Rabbi Shmuel Slotzky, an Orthodox rabbi from Jerusalem who joined the panel and quickly became the focus of its attention, politely upheld the Orthodox position. The main practical advice Slotzky seemed to have on offer – until a different halakhic response to the modern-day questions of gay families are, perhaps, formulated in the future – was for gay fathers to consider, well, fibbing.

“The plight of these couples does touch my heart, and we want to find a way to help – but there are laws we cannot change,” said Slotzky plainly. He suggested co-parenting arrangements, instead of surrogacy, whereby gay fathers team up with a Jewish woman to create a “fictive family,” for the purpose of having their children recognized as Jews. “How they live behind closed doors is then not something the Rabbinate is going to look into too deeply,” Slotzky said.

There was also some suggestion, from the various members of the panel, that if a gay man approached the rabbinical establishment as a single parent, instead of someone who is part of a gay couple, he might have a less complicated time with the issue of conversion.

But for a community long out of the closet, lying is not the way they want to go. And as such, a vast majority of men in the community admit they end up not having their kids converted at all, leaving them registered as Israelis with “no religion."

“Most of us simply don’t care,” says Ronan Kaplan, a gay father, whose twin daughters were born with the help of a surrogate in India. “In our family we light Shabbat candles with the girls and sing Shabbat songs every Friday. And most of my friends with sons make sure they are circumcised. But to make up stories in order to get this official stamp of approval? No. I am Jewish. I am a homosexual, with a partner. And I am a father. You don’t want to accept me? Fine. But that is who I am."

Still, there are also those for whom getting that Orthodox rabbinical approval remains, for one reason or another, important.

One of the half-dozen men wearing a kippa in the audience stood up to talk about how he and his partner brought home healthy twins, a boy and a girl born with the help of a US-based surrogate, four months ago. Their excitement and happiness with newfound parenthood has been somewhat marred, he admitted, by the reaction of his parents – Orthodox Jews.

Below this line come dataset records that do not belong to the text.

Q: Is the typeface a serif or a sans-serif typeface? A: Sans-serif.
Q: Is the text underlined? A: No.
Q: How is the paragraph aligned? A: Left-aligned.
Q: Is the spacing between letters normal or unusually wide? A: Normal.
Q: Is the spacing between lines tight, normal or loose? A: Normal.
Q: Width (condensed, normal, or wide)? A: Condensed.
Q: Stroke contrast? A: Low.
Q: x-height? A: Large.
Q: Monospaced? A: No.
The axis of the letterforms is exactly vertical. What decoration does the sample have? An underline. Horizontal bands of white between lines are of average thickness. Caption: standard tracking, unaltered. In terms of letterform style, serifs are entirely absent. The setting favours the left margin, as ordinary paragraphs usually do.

“Since the birth of the children, my parents have not spoken to us,” he said simply. “They cannot accept the fact that their grandchildren are not Jewish. If it were up to me, I would not go begging at the Rabbinate, because I know they don’t accept and respect my family. But, I do want my children to be able to go to synagogue with my father.”

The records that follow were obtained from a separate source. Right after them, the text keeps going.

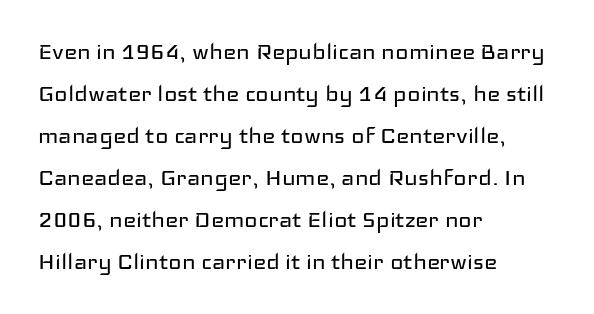
The image shows 28 px regular-weight, wide sans-serif type, upright; set left-aligned, normal line spacing (1.5x), normal letter spacing, not underlined; low stroke contrast and a medium x-height.
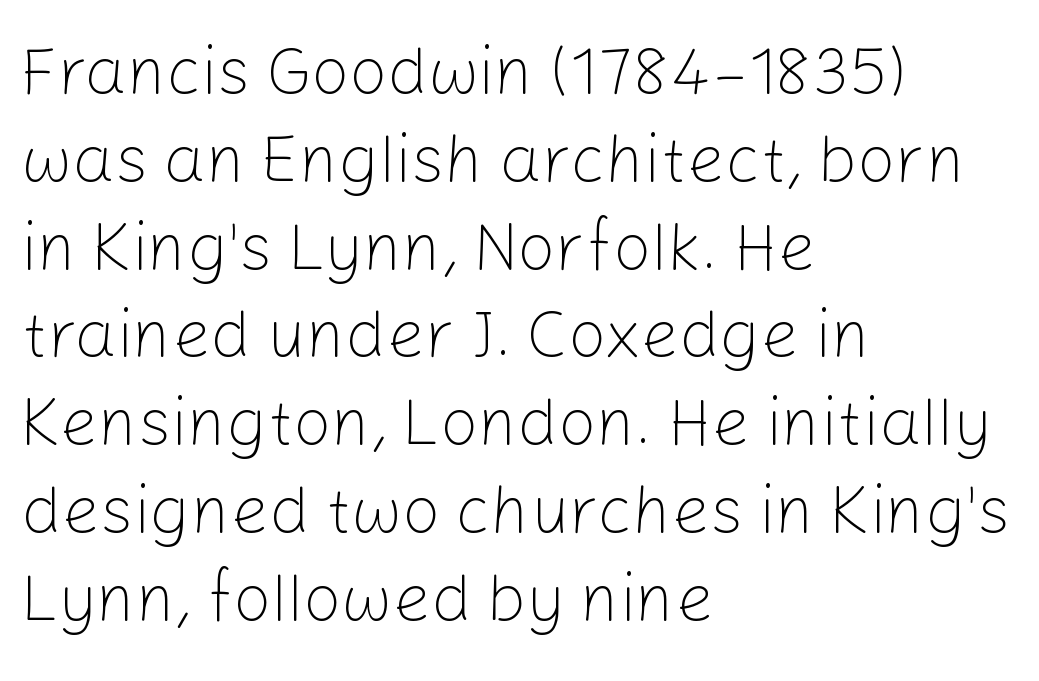
The image shows 67 px light sans-serif type, upright; set left-aligned, normal line spacing (1.31x), normal letter spacing, not underlined; low stroke contrast and a medium x-height.
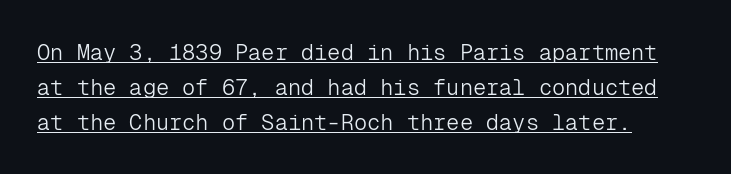
Q: Is the text bold? A: No.
Q: Is the text italic (slanted)? A: No, it is upright.
Q: Is the text underlined? A: Yes.
Q: Is the spacing between letters normal or unusually wide? A: Normal.
Q: Is the spacing between lines tight, normal or loose? A: Normal.
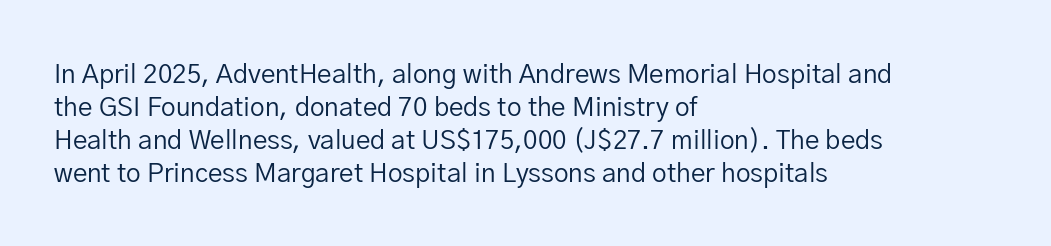
Q: Is the text bold? A: No.
Q: Is the text italic (slanted)? A: No, it is upright.
Q: Is the text underlined? A: No.
Q: How is the paragraph aligned? A: Left-aligned.
Q: Is the spacing between letters normal or unusually wide? A: Normal.
Q: Is the spacing between lines tight, normal or loose? A: Normal.

The man, who asked not to be identified, said his partner is willing to lie to the Rabbinate and give separate addresses, pretending each one is the single father of one child, but he himself refuses. “Finding some shortcut around the system is a classic Israeli plan which I don’t want to be part of,” he says, “but I don’t know what to do.

“Isn’t it pathetic how badly we want to be accepted into a club that does not want us?” he asks, as many of those around him nod.

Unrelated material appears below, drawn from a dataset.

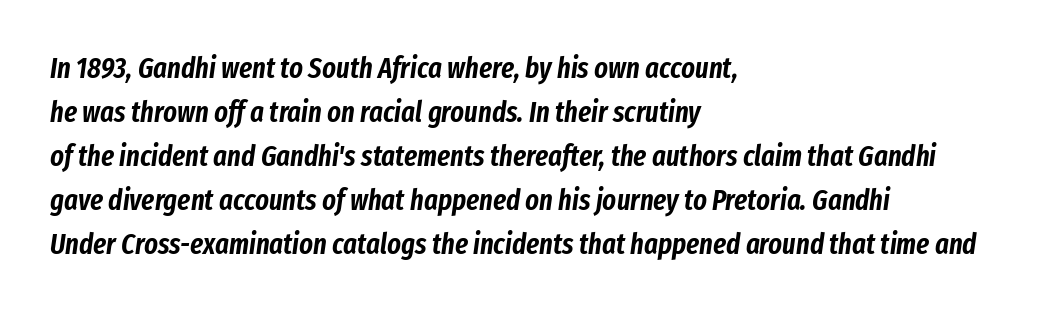
{"italic": "yes", "lean": "right", "slant_degrees": 8, "width": "condensed", "stroke_contrast": "low", "x_height": "medium", "monospaced": "no", "underline": "no", "align": "left", "line_spacing": "normal", "line_spacing_ratio": 1.52, "letter_spacing": "normal", "letter_spacing_em": 0.0, "glyph_px": 29}

Another one of the panelists, Chana Friedman, who has a doctorate in Talmud and is a leading member of Yachad, a unique Orthodox community in Tel Aviv welcoming of alternative lifestyles, did not have any halakhic answer to help this particular audience member or the others. But she did express a deep understanding of their plight and a certain amount of hope for change in the future."

"I don't think it's pathetic at all,” she responded. “Your desire to be accepted by your parents' community, the one you yourself grew up in, shows that identity goes with us for longer than we think. As much as one might say, ‘we have slammed the door on our Orthodox community,’ it is not an easy thing to do.” And then she added: “But do not walk away. Let's continue this dialogue, as some of these doors will eventually open."